HT Picks; New Reads
This week’s reading list includes a retelling of the story of how the princely states joined India, a “memory history” of the Tibetan struggle, and a selection of the best literary short fiction written by Indians
Patel, Menon and the integration of princely India
On 25 July 1947, India’s last viceroy, Lord Mountbatten, stood before the Chamber of Princes to deliver his career’s most important speech. He had just three weeks to convince over 550 princely states – some the size of Britain, some so small that cartographers had trouble locating them – to become part of a free India. The alternative was unthinkable – the fragmentation of the subcontinent into dozens of autocratic fiefdoms.
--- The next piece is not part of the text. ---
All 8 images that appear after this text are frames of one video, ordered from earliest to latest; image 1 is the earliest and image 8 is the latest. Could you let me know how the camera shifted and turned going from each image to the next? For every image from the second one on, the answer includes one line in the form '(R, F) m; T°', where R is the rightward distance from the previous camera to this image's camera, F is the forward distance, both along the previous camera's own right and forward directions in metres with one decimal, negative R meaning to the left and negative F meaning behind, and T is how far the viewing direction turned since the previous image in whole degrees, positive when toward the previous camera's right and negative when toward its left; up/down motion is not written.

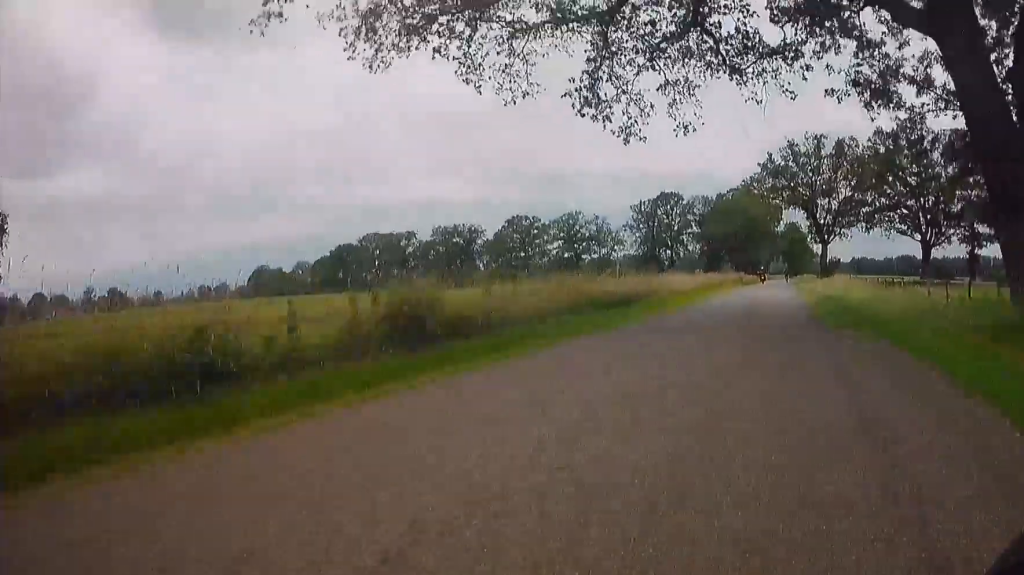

This is the beginning of John Zubrzycki’s marvellous retelling of the story of how the princely states were coaxed, coerced or bludgeoned into joining India.Zubrzycki expertly juggles a fascinating cast of characters: Mountbatten, who grasped the complexity of the states problem far too late; Sardar Vallabhbhai Patel, the pragmatic, tough minded politician and patriot, who employed both fury and charm to get his way; his deputy, VP Menon, the cigars moking civil servant and tireless master strategist, regarded by some as “the real architect” of integration; Jawaharlal Nehru, who made no secret of his contempt for the princely order; Muhammad Ali Jinnah, who assiduously wooed wavering princes to his side; and finally, an array of bejewelled rulers, grappling with the challenge of a lifetime.What Patel and Menon described as a “bloodless revolution” was anything but. Zubrzycki also looks at how Pakistan dealt with the princely states that fell to its lot and takes the Indian story into the 1970s when an imperious Indira Gandhi delivered the final blow to the princely order.*
Tibet in War and Peace
Jamyang Norbu has taken the stories of “forgotten” Tibetans – resistance fighters, secret agents, soldiers, peasants, merchants, even street beggars – and skillfully worked their myriad accounts into a single glorious “memory history” of the Tibetan struggle. He uses recollections from his own childhood to ease the reader into an immersive understanding of the complexity of Tibet’s modern history: the Chinese invasion, the uprisings in Kham and Amdo, the formation of the Four Rivers Six Ranges Resistance Force, the March ’59 Lhasa Uprising, the CIA supported Air Operations, the Nyemo peasant Uprising of 68/69 and the Mustang Guerilla Force in northern Nepal, where Norbu later served.He writes of leaving home to drive tractors at refugee settlements, educate refugee children, produce plays at the Tibetan Institute of Performing Arts, and collect intelligence for the Tibetan Office of Research and Analysis (TORA) and for France’s External Intelligence Agency (SDECE). He uses these anecdotes not so much as autobiography but as a framing device to recount the lives, deeds and, too often, tragedies of the many Tibetans he encountered and befriended throughout his life – nearly all of whom played vital roles in shaping the recent history of their country but whose contributions are still unsung and forgotten. Jamyang Norbu’s lifelong commitment to collecting and orchestrating the “echoes” of these many forgotten voices from the past has resulted in a lyrical, learned and compassionate book that could well be described as the prose epic of the Tibetan freedom struggle.*
An anthology of short fiction
The Greatest Indian Stories Ever Told is a selection of some of the finest literary short fiction written by Indian writers since the genre came into being in the country in the late nineteenth century. Including early masters of the form, contemporary stars, as well as brilliant writers who came of age in the twenty-first century, this anthology takes in its sweep stories from the various regions, languages, and literatures of India. These authors are some of the most feted in the annals of Indian literature and have, between them, won virtually every major literary prize on offer — including the Nobel Prize for Literature, the Jnanpith Award, the Sahitya Akademi Award, and numerous state, national, and international honours.*
*All copy from book flap.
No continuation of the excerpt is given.